Orkin Wins Breakthrough Prize in Life Sciences

Pioneering research on fetal hemoglobin regulation leads to new sickle cell disease treatment

Apr. 20, 2026 at 9:26am

Got story updates? Submit your updates here. ›

A highly structured abstract painting in muted earth tones, featuring sweeping geometric arcs, concentric cellular structures, and precise biological spirals, visualizing the complex mechanisms of hemoglobin regulation that were the focus of Orkin's pioneering work.A conceptual illustration of the groundbreaking research that led to a new gene-editing therapy for sickle cell disease, transforming the lives of patients.Los Angeles Today

Stuart H. Orkin, MD, Investigator at Dana-Farber/Boston Children's Cancer and Blood Disorders Center, has been awarded the prestigious Breakthrough Prize in Life Sciences for his groundbreaking discovery of how the body turns off fetal hemoglobin after birth. This finding paved the way for a new gene-editing therapy that reactivates fetal hemoglobin, dramatically improving outcomes for sickle cell disease patients.

Why it matters

Orkin's work on the molecular mechanisms controlling the switch from fetal to adult hemoglobin production represented a major breakthrough in hematology. His discovery of the BCL11A regulator provided a new therapeutic target, leading to the development of a transformative gene-editing treatment for sickle cell disease, a debilitating condition that disproportionately affects minority populations.

The details

In a landmark 2008 study, Orkin's team identified BCL11A as a key "off switch" for fetal hemoglobin production. This discovery offered a new approach: reducing BCL11A activity could restore fetal hemoglobin levels and compensate for the defective adult hemoglobin that drives sickle cell disease. Subsequent research in animal models validated this strategy, paving the way for gene-editing therapies that target BCL11A regulation in a patient's own blood stem cells.

  • Orkin's seminal paper on BCL11A was published in the journal Science in 2008.
  • Clinical studies of gene-edited therapies based on Orkin's work have shown striking results in recent years, dramatically reducing or eliminating painful sickle cell crises.

The players

Stuart H. Orkin, MD

Investigator at Dana-Farber/Boston Children's Cancer and Blood Disorders Center, David G. Nathan Distinguished Professor at Harvard Medical School, and Investigator at Howard Hughes Medical Institute. His pioneering research on fetal hemoglobin regulation led to a new treatment strategy for sickle cell disease.

SweeLay Thein

Investigator at the National Institutes of Health (NIH), who shared the Breakthrough Prize in Life Sciences with Orkin for their collaborative work on sickle cell disease.

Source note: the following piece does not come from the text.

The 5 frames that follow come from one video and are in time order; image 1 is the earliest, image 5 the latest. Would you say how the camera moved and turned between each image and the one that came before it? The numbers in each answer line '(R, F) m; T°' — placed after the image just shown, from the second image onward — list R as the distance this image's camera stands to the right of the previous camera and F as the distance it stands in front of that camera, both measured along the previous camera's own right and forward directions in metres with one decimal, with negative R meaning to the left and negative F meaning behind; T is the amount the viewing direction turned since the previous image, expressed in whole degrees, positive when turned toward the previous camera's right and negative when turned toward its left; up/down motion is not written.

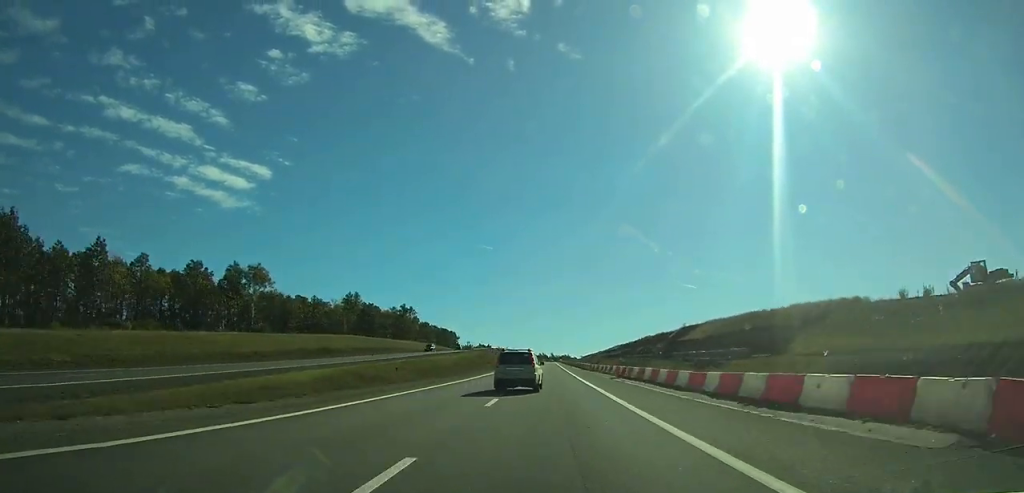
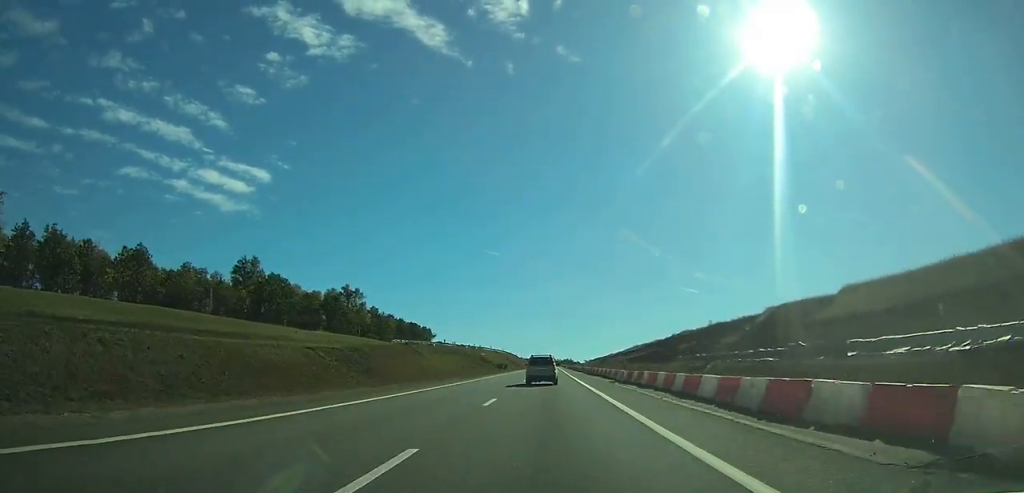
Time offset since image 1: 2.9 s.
(+0.1, +69.3) m; 0°
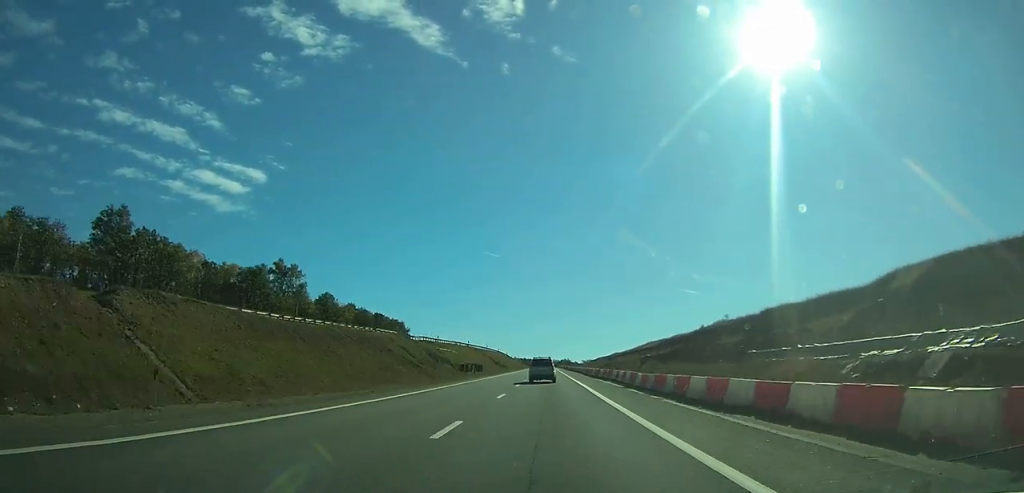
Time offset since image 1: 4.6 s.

Got photos? Submit your photos here. ›

What they’re saying

“For us, the long arc of discovery has really come full circle. I started at a time when we could not clone genes, and now we can treat patients through gene modification and see them well.”

— Stuart H. Orkin, Investigator, Dana-Farber/Boston Children's Cancer and Blood Disorders Center

“For the sickle cell patients, they no longer have crises, pain crises. After therapy, they're now having a totally new future. And so, it really is transformative.”

— Stuart H. Orkin, Investigator, Dana-Farber/Boston Children's Cancer and Blood Disorders Center

What’s next

Orkin and his team will continue to refine and expand the gene-editing therapies based on their discoveries, with the goal of making this treatment widely available to sickle cell disease patients around the world.

The takeaway

Orkin's pioneering work on fetal hemoglobin regulation represents a remarkable scientific breakthrough with profound implications for improving the lives of sickle cell disease patients. His discovery has paved the way for a transformative gene-editing therapy, demonstrating the power of fundamental research to drive life-changing medical innovations.